__What to work on__. Every record must be repeated exactly; omit any pictures they contain.

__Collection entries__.
════════════════
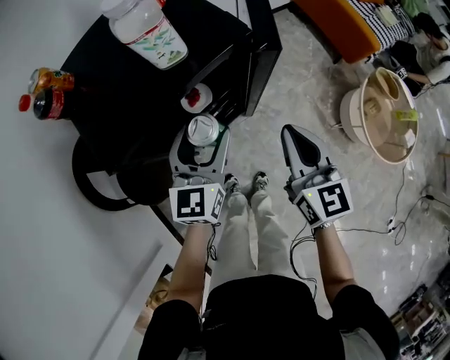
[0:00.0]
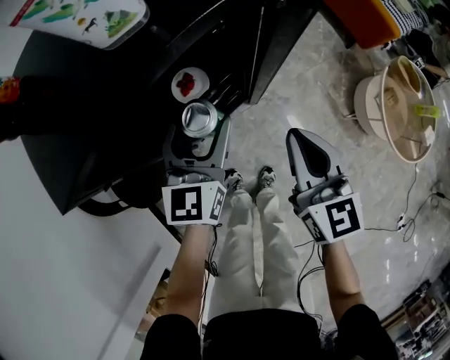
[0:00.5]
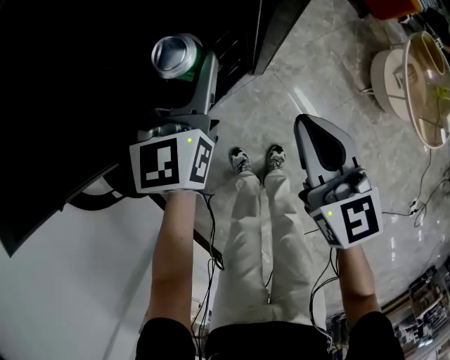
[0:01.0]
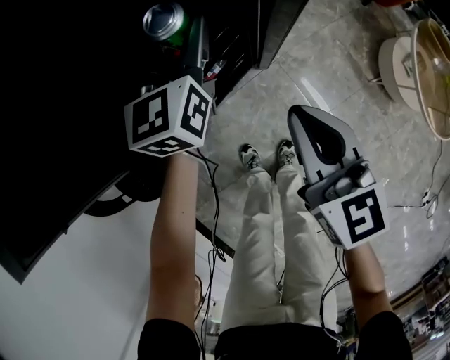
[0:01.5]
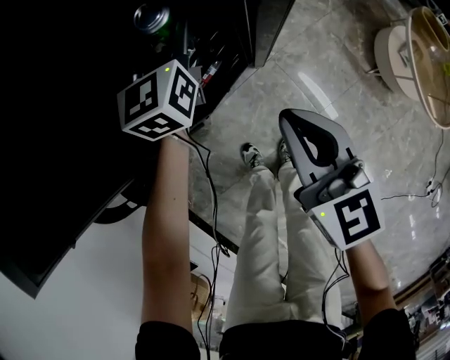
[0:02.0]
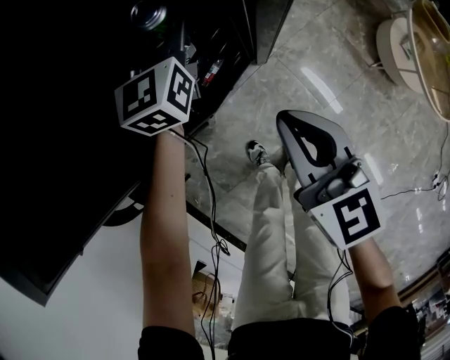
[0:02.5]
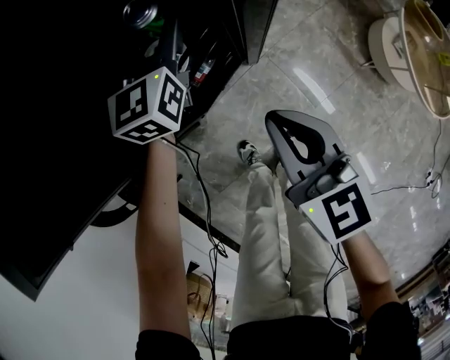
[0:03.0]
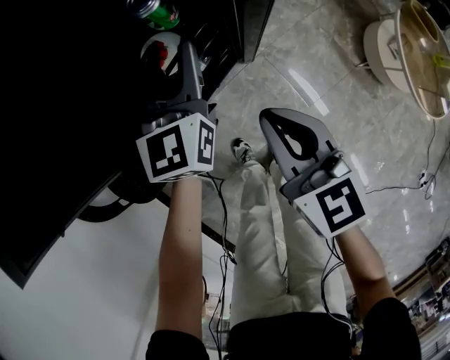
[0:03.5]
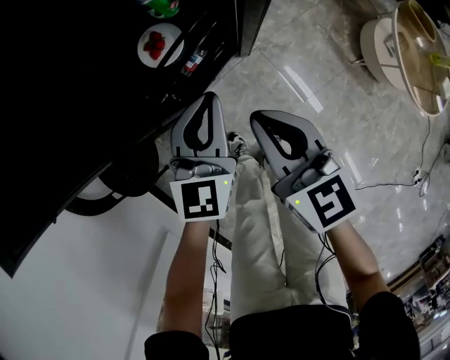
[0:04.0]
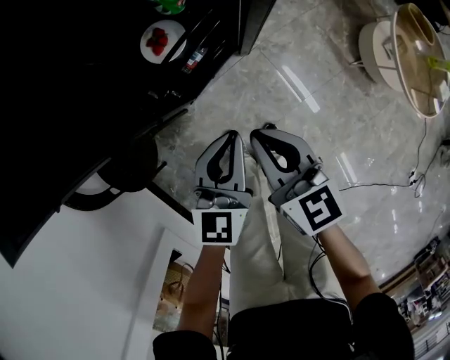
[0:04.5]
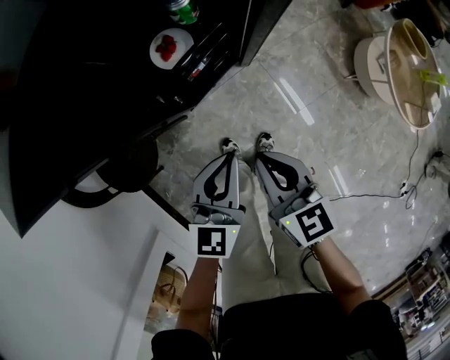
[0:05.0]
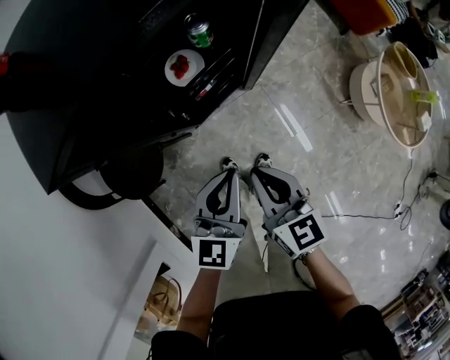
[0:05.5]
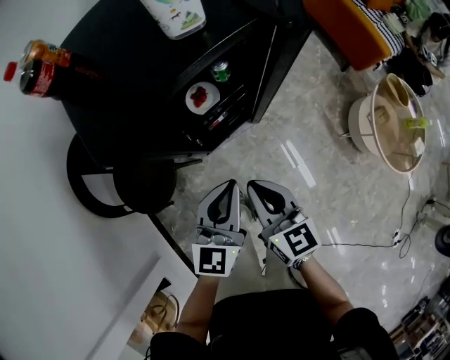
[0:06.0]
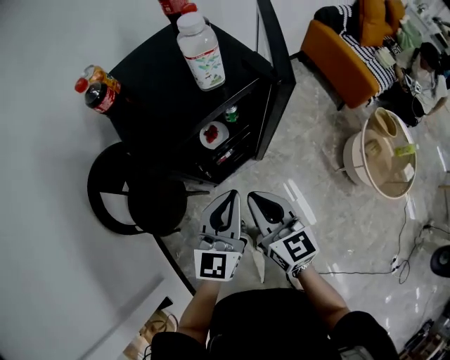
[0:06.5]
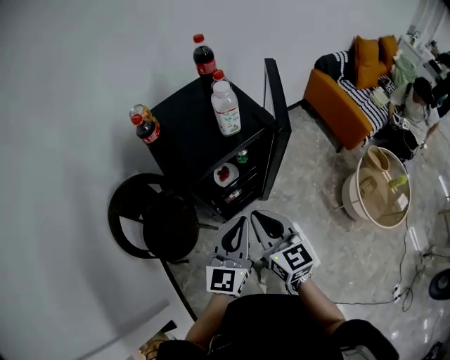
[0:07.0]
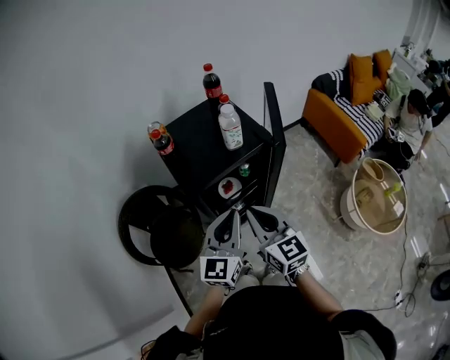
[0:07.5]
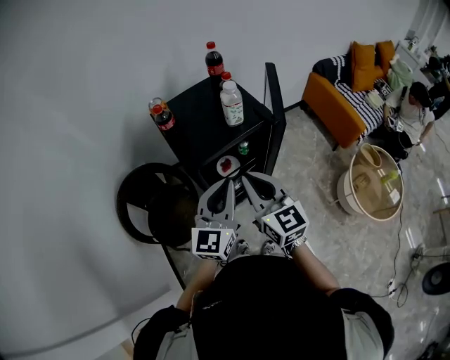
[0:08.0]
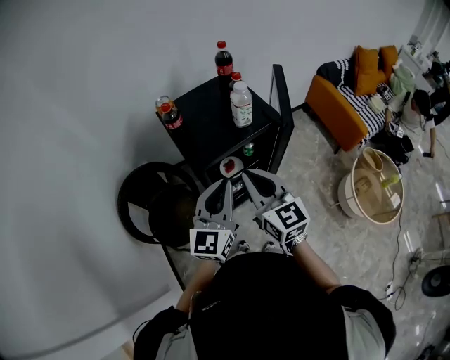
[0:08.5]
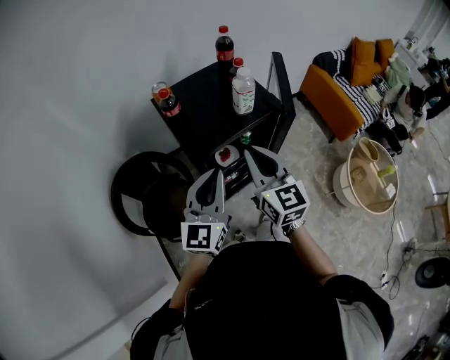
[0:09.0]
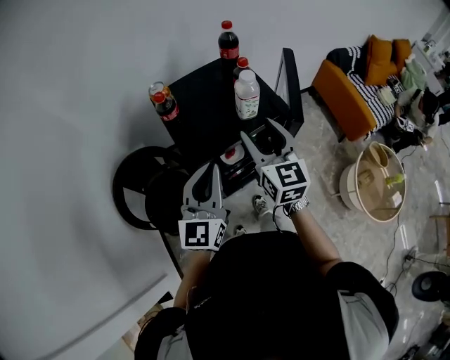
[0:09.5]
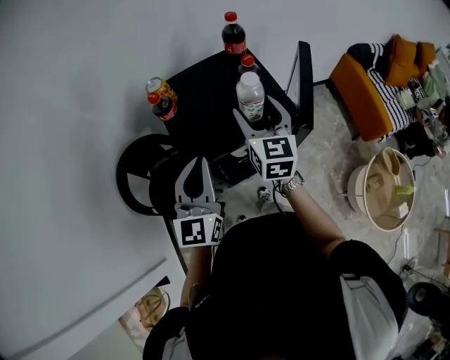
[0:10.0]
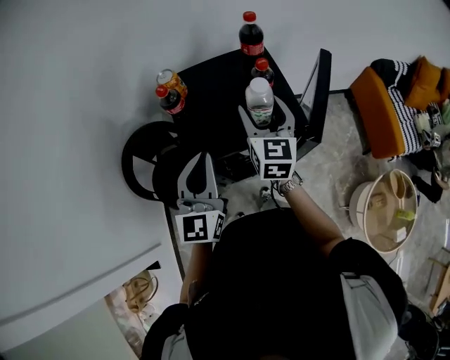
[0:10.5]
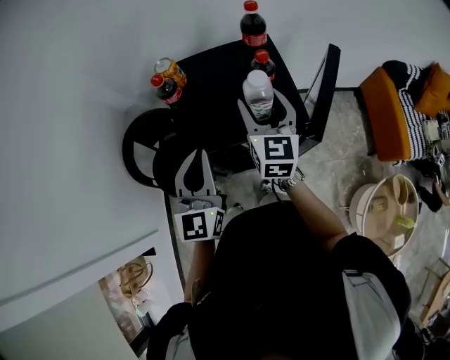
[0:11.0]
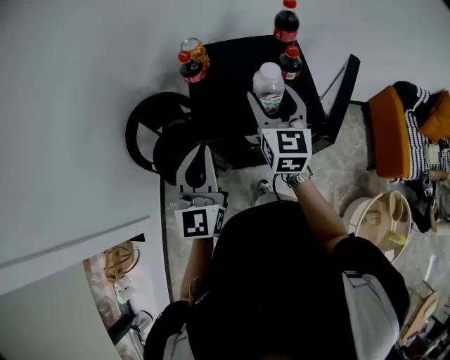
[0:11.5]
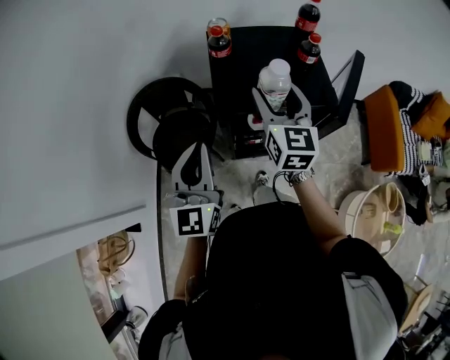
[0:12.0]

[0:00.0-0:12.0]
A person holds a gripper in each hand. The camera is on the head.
0:00.0 to 0:02.0: The right gripper is displaced downward by some 20 cm; the left gripper is displaced downward and forward by approximately 30 cm.
0:02.0 to 0:04.0: The right gripper moves some 5 cm. Meanwhile the left gripper moves backward, some 20 cm, and closes its fingers.
0:04.0 to 0:06.0: The right gripper travels upward and backward by about 15 cm. The left gripper moves upward and backward, about 20 cm.
0:06.0 to 0:08.0: Both grippers travel together upward, roughly 30 cm. The right gripper swivels about 20 degrees.
0:08.0 to 0:10.0: The left gripper heads forward and to the left, covering roughly 15 cm, and rotates about 20 degrees, while the right gripper shifts about 25 cm forward, and opens.
0:10.0 to 0:12.0: The left gripper travels backward and to the left by some 15 cm, while the right gripper shifts roughly 10 cm to the left and backward.
════════════════
__Exercise output__.
[0:00.0]
[0:00.5]
[0:01.0]
[0:01.5]
[0:02.0]
[0:02.5]
[0:03.0]
[0:03.5]
[0:04.0]
[0:04.5]
[0:05.0]
[0:05.5]
[0:06.0]
[0:06.5]
[0:07.0]
[0:07.5]
[0:08.0]
[0:08.5]
[0:09.0]
[0:09.5]
[0:10.0]
[0:10.5]
[0:11.0]
[0:11.5]
[0:12.0]

[0:00.0-0:12.0]
A person holds a gripper in each hand. The camera is on the head.
0:00.0 to 0:02.0: The right gripper is displaced downward by some 20 cm; the left gripper is displaced downward and forward by approximately 30 cm.
0:02.0 to 0:04.0: The right gripper moves some 5 cm. Meanwhile the left gripper moves backward, some 20 cm, and closes its fingers.
0:04.0 to 0:06.0: The right gripper travels upward and backward by about 15 cm. The left gripper moves upward and backward, about 20 cm.
0:06.0 to 0:08.0: Both grippers travel together upward, roughly 30 cm. The right gripper swivels about 20 degrees.
0:08.0 to 0:10.0: The left gripper heads forward and to the left, covering roughly 15 cm, and rotates about 20 degrees, while the right gripper shifts about 25 cm forward, and opens.
0:10.0 to 0:12.0: The left gripper travels backward and to the left by some 15 cm, while the right gripper shifts roughly 10 cm to the left and backward.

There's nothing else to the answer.